Use Snake Case for variable and function names and Camel Case for class names.

Naming Convention

Use descriptive variable names and avoid short abbreviations.

The following is bad:

mgr = Manager()
a = AccountBalanceHolder()
s = RaidenService()

While this is good:

manager = Manager()
balance_holder = AccountBalanceHolder()
service = RaidenService()

We try to follow a consistent naming convention throughout the codebase to make it easy for the reader of the code to understand what is going on. Thus we introduce the following rules:

For addresses:

  • <name>_address_hex for hex encoded addresses
  • <name>_address for binary encoded addresses

Lists of objects:

  • <name>s, e.g. channels for a list Channel object instances.

  • to initialize an empty list use list() instead of []. Note this is only for style consistency's sake and may change in the future as there may be a tiny change in performance.

Mappings/dicts:

If it is a simple one to one mapping

<name>_to_<name>, e.g. tokenaddress_to_taskmanager

If the mapped to object is a list then add an s

<name>_to_<name>s, e.g. tokenaddress_to_taskmanagers = defaultdict(list())

To initialize an empty dict use dict() instead of {}. Note this is only for style consistency's sake and may change in the future as there may be a tiny change in performance.

NewTypes and type comparisons

For often used types it makes sense to define new types using the typing.NewType function. New type names should be capitalized.

Address = NewType('Address', bytes)

These type definitions can not be used for type comparisons. To make this possible always define a associated alias, which must start with T_.

T_Address = bytes

Solidity

For solidity we generally follow the style guide as shown in the solidity documentation with a few notable exceptions:

Variable Names

All variable name should be in snake case, just like in python. Function names on the other hand should be mixedCase. MixedCase is essentially like CamelCase but with the initial letter being a small letter.
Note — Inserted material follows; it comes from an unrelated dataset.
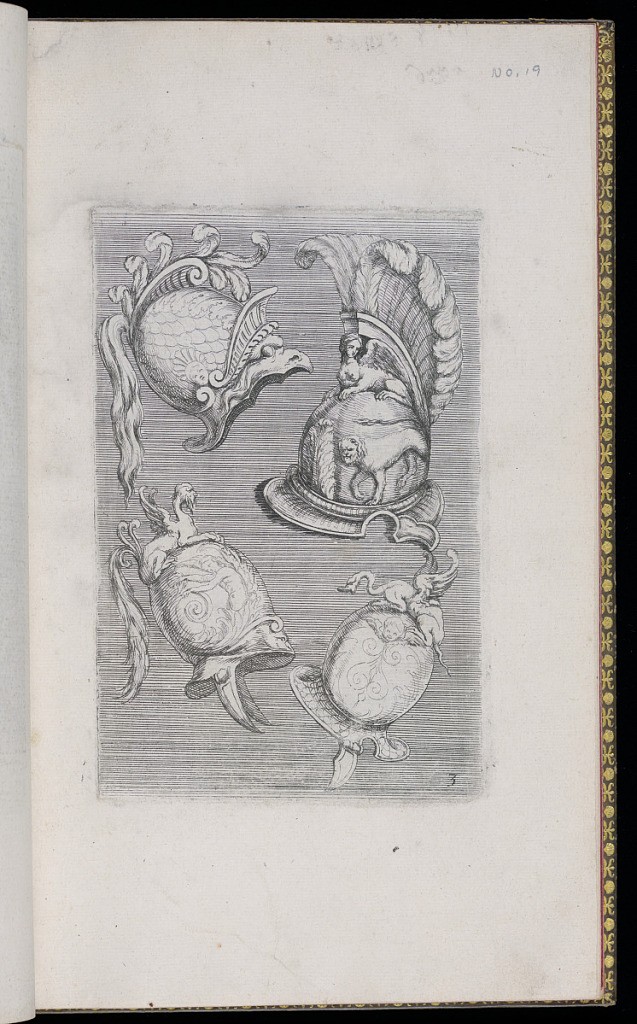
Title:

This helps us to easily determine which function calls are smart contract calls in the python code side.

function iDoSomething(uint awesome_argument) {
    doSomethingElse();
}

Documentation

Code should be documented. For docstrings the Google conventions are used.

Workflow

When developing a feature, or a bug fix you should always start by writting a test for it, or by modifying existing tests to test for your feature. Once you see that test failing you should implement the feature and confirm that all your new tests pass.

Afterwards you should open a Pull Request from your fork or feature branch against master. You will be given feedback from the core developers of raiden and you should try to incorporate that feedback into your branch. Once you do so and all tests pass your feature/fix will be merged.

Contributing to other people's PRs

If you are a core developer of Raiden with write privileges to the repository then you can add commits or rebase to master any Pull Request by other people.

Let us take this PR as an example. The contributor has everything ready and all is looking good apart from a minor glitch. You can wait until he fixes it himself but you can always help him by contributing to his branch's PR:

git remote add hackaugusto [email protected]:hackaugusto/raiden.git
git fetch hackaugusto
git checkout travis_build

Right now you are working on the contributor's Pull Request. Make sure to coordinate to avoid any conflicts and always warn people beforehand if you are to work on their branch. Once you are done:

git commit -m "your additions"
git push hackaugusto travis_build

Congratulations, you have added to someone else's PR!